Next, we measured the expression difference of SNORD89 in HOSEpiC, OV and OS cells by quantitative real-time PCR (qRT-PCR) and reverse transcription PCR (RT-PCR). qRT-PCR results showed that SNORD89 expression was up-regulated 2.38 ± 0.29-fold in OS vs HOSEpiC cells, and 5.93 ± 0.53-fold in OS vs OV cells (Fig. 2c). And the increased expression of SNORD89 was also observed by RT-PCR (Fig. 2d). The data suggest that SNORD89 upregulated in OS versus OV and HOSEpiC.
Effects of SNORD89 interference on the stemness of ovarian cancer cells
We compared the expression of genes associated with stemness in OV and OS by qRT-PCR. The expression levels of CD133, CD44, and Nanog were increased by 3.32 ± 0.48, 7.11 ± 0.90 and 6.78 ± 1.10-fold in OS cells relative to OV cells, respectively (Fig. 3a). Also, RT-PCR and agarose gel electrophoresis showed the higher exprssion of CD44 and Nanog in OS cells (Fig. 3b). Additionally, we observed that the CD133 positive cells were significantly increased in OS than those in OV by flow cytometry analysis (Fig. 3c).
To investigate whether the SNORD89 interference affects the stemness of ovarian cancer cells, we first examined the SNORD89 expression in OV cells transfected with over expression plasmid (OE) of SNORD89 and in OS cells transfected with silent plasmid (shRNA) of SNORD89 for 24, 48, and 72 h, respectively. The qRT-PCR analysis showed that the SNORD89 overexpression in OV and CA cells was the most efficient at 24 h’ transfection (3.81 ± 0.28-fold than NC in OV cells and 20.65 ± 1.195-fold than NC in CA cells, Fig. 3d and Additional file 5: Figure S4a). And the most silence efficiency of three shRNA (shRNA-1, shRNA-2, shRNA-3) was 0.255 ± 0.08, 0.56 ± 0.05 and 0.70 ± 0.04 at 48 h in OS cells (Fig. 3e).
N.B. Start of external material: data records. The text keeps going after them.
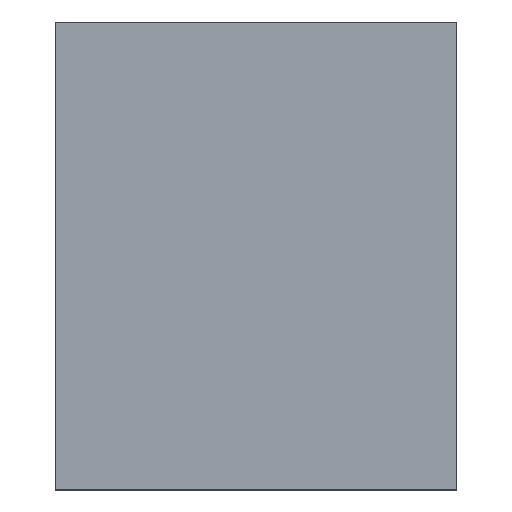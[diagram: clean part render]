
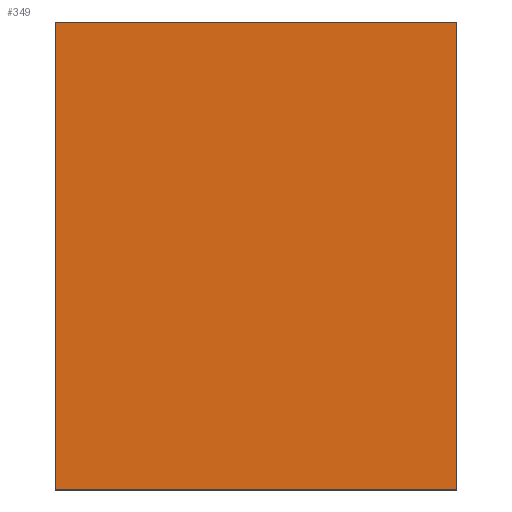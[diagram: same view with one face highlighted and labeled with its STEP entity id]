
A CAD part, top view. The second image highlights one B-rep face of the part: STEP entity #349.
In plain terms, the highlighted planar face has unit normal (0, 0, 1).
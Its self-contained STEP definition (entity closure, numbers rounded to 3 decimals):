
#35 = VERTEX_POINT('',#36);
#36 = CARTESIAN_POINT('',(110.,-35.,1.6));
#43 = PLANE('',#44);
#44 = AXIS2_PLACEMENT_3D('',#45,#46,#47);
#45 = CARTESIAN_POINT('',(110.,-35.,0.));
#46 = DIRECTION('',(0.,1.,0.));
#47 = DIRECTION('',(1.,0.,0.));
#55 = PLANE('',#56);
#56 = AXIS2_PLACEMENT_3D('',#57,#58,#59);
#57 = CARTESIAN_POINT('',(110.,-147.,0.));
#58 = DIRECTION('',(-1.,0.,0.));
#59 = DIRECTION('',(0.,1.,0.));
#67 = EDGE_CURVE('',#35,#68,#70,.T.);
#68 = VERTEX_POINT('',#69);
#69 = CARTESIAN_POINT('',(206.,-35.,1.6));
#70 = SURFACE_CURVE('',#71,(#75,#82),.PCURVE_S1.);
#71 = LINE('',#72,#73);
#72 = CARTESIAN_POINT('',(110.,-35.,1.6));
#73 = VECTOR('',#74,1.);
#74 = DIRECTION('',(1.,0.,0.));
#75 = PCURVE('',#43,#76);
#76 = DEFINITIONAL_REPRESENTATION('',(#77),#81);
#77 = LINE('',#78,#79);
#78 = CARTESIAN_POINT('',(0.,-1.6));
#79 = VECTOR('',#80,1.);
#80 = DIRECTION('',(1.,0.));
#81 = ( GEOMETRIC_REPRESENTATION_CONTEXT(2) 
PARAMETRIC_REPRESENTATION_CONTEXT() REPRESENTATION_CONTEXT('2D SPACE',''
  ) );
#82 = PCURVE('',#83,#88);
#83 = PLANE('',#84);
#84 = AXIS2_PLACEMENT_3D('',#85,#86,#87);
#85 = CARTESIAN_POINT('',(158.,-91.,1.6));
#86 = DIRECTION('',(0.,0.,-1.));
#87 = DIRECTION('',(-1.,0.,0.));
#88 = DEFINITIONAL_REPRESENTATION('',(#89),#93);
#89 = LINE('',#90,#91);
#90 = CARTESIAN_POINT('',(48.,56.));
#91 = VECTOR('',#92,1.);
#92 = DIRECTION('',(-1.,0.));
#93 = ( GEOMETRIC_REPRESENTATION_CONTEXT(2) 
PARAMETRIC_REPRESENTATION_CONTEXT() REPRESENTATION_CONTEXT('2D SPACE',''
  ) );
#111 = PLANE('',#112);
#112 = AXIS2_PLACEMENT_3D('',#113,#114,#115);
#113 = CARTESIAN_POINT('',(206.,-35.,0.));
#114 = DIRECTION('',(1.,0.,0.));
#115 = DIRECTION('',(0.,-1.,0.));
#153 = EDGE_CURVE('',#68,#154,#156,.T.);
#154 = VERTEX_POINT('',#155);
#155 = CARTESIAN_POINT('',(206.,-147.,1.6));
#156 = SURFACE_CURVE('',#157,(#161,#168),.PCURVE_S1.);
#157 = LINE('',#158,#159);
#158 = CARTESIAN_POINT('',(206.,-35.,1.6));
#159 = VECTOR('',#160,1.);
#160 = DIRECTION('',(0.,-1.,0.));
#161 = PCURVE('',#111,#162);
#162 = DEFINITIONAL_REPRESENTATION('',(#163),#167);
#163 = LINE('',#164,#165);
#164 = CARTESIAN_POINT('',(0.,-1.6));
#165 = VECTOR('',#166,1.);
#166 = DIRECTION('',(1.,0.));
#167 = ( GEOMETRIC_REPRESENTATION_CONTEXT(2) 
PARAMETRIC_REPRESENTATION_CONTEXT() REPRESENTATION_CONTEXT('2D SPACE',''
  ) );
#168 = PCURVE('',#83,#169);
#169 = DEFINITIONAL_REPRESENTATION('',(#170),#174);
#170 = LINE('',#171,#172);
#171 = CARTESIAN_POINT('',(-48.,56.));
#172 = VECTOR('',#173,1.);
#173 = DIRECTION('',(0.,-1.));
#174 = ( GEOMETRIC_REPRESENTATION_CONTEXT(2) 
PARAMETRIC_REPRESENTATION_CONTEXT() REPRESENTATION_CONTEXT('2D SPACE',''
  ) );
#192 = PLANE('',#193);
#193 = AXIS2_PLACEMENT_3D('',#194,#195,#196);
#194 = CARTESIAN_POINT('',(206.,-147.,0.));
#195 = DIRECTION('',(0.,-1.,0.));
#196 = DIRECTION('',(-1.,0.,0.));
#229 = EDGE_CURVE('',#154,#230,#232,.T.);
#230 = VERTEX_POINT('',#231);
#231 = CARTESIAN_POINT('',(110.,-147.,1.6));
#232 = SURFACE_CURVE('',#233,(#237,#244),.PCURVE_S1.);
#233 = LINE('',#234,#235);
#234 = CARTESIAN_POINT('',(206.,-147.,1.6));
#235 = VECTOR('',#236,1.);
#236 = DIRECTION('',(-1.,0.,0.));
#237 = PCURVE('',#192,#238);
#238 = DEFINITIONAL_REPRESENTATION('',(#239),#243);
#239 = LINE('',#240,#241);
#240 = CARTESIAN_POINT('',(0.,-1.6));
#241 = VECTOR('',#242,1.);
#242 = DIRECTION('',(1.,0.));
#243 = ( GEOMETRIC_REPRESENTATION_CONTEXT(2) 
PARAMETRIC_REPRESENTATION_CONTEXT() REPRESENTATION_CONTEXT('2D SPACE',''
  ) );
#244 = PCURVE('',#83,#245);
#245 = DEFINITIONAL_REPRESENTATION('',(#246),#250);
#246 = LINE('',#247,#248);
#247 = CARTESIAN_POINT('',(-48.,-56.));
#248 = VECTOR('',#249,1.);
#249 = DIRECTION('',(1.,0.));
#250 = ( GEOMETRIC_REPRESENTATION_CONTEXT(2) 
PARAMETRIC_REPRESENTATION_CONTEXT() REPRESENTATION_CONTEXT('2D SPACE',''
  ) );
#300 = EDGE_CURVE('',#230,#35,#301,.T.);
#301 = SURFACE_CURVE('',#302,(#306,#313),.PCURVE_S1.);
#302 = LINE('',#303,#304);
#303 = CARTESIAN_POINT('',(110.,-147.,1.6));
#304 = VECTOR('',#305,1.);
#305 = DIRECTION('',(0.,1.,0.));
#306 = PCURVE('',#55,#307);
#307 = DEFINITIONAL_REPRESENTATION('',(#308),#312);
#308 = LINE('',#309,#310);
#309 = CARTESIAN_POINT('',(0.,-1.6));
#310 = VECTOR('',#311,1.);
#311 = DIRECTION('',(1.,0.));
#312 = ( GEOMETRIC_REPRESENTATION_CONTEXT(2) 
PARAMETRIC_REPRESENTATION_CONTEXT() REPRESENTATION_CONTEXT('2D SPACE',''
  ) );
#313 = PCURVE('',#83,#314);
#314 = DEFINITIONAL_REPRESENTATION('',(#315),#319);
#315 = LINE('',#316,#317);
#316 = CARTESIAN_POINT('',(48.,-56.));
#317 = VECTOR('',#318,1.);
#318 = DIRECTION('',(0.,1.));
#319 = ( GEOMETRIC_REPRESENTATION_CONTEXT(2) 
PARAMETRIC_REPRESENTATION_CONTEXT() REPRESENTATION_CONTEXT('2D SPACE',''
  ) );
#349 = ADVANCED_FACE('',(#350),#83,.F.);
#350 = FACE_BOUND('',#351,.F.);
#351 = EDGE_LOOP('',(#352,#353,#354,#355));
#352 = ORIENTED_EDGE('',*,*,#67,.T.);
#353 = ORIENTED_EDGE('',*,*,#153,.T.);
#354 = ORIENTED_EDGE('',*,*,#229,.T.);
#355 = ORIENTED_EDGE('',*,*,#300,.T.);

Next, we examined the changes of stemness genes in OE-transfected OV cells at 24 h, and in shRNA-transfected OS cells at 48 h. We found that the expression of CD133, CD44, and Nanog was increased by 4.28 ± 0.48, 4.58 ± 0.28 and 1.90 ± 0.49-fold in OE group than NC group in OV cells by qRT-PCR (Fig. 3f), and increased by 1.80 ± 0.25, 1.40 ± 0.11 and 1.47 ± 0.09-fold in OE group than NC group in CA cells by qRT-PCR (Additional file 5: Figure S4b). RT-PCR and agarose gel electrophoresis also verified the elevated expression of CD44 and Nanog (Fig. 3g). The flow cytometry analysis showed the higher CD133 positive cells in OE group (Fig. 3h). Consistantly, the silence of SNORD89 with shRNA-1 and shRNA-2 at 48 h notably decreased the expression of CD44 and Nanog in OS cells by qRT-PCR (Fig. 3i) and RT-PCR and agarose gel electrophoresis (Fig. 3j). The flow cytometry analysis showed the decreased CD133 in OS cells transfected with SNORD89 silence plasmids (Fig. 3k). These data suggest that SNORD89 can increase the expression of stemness genes in ovarian cancer cells.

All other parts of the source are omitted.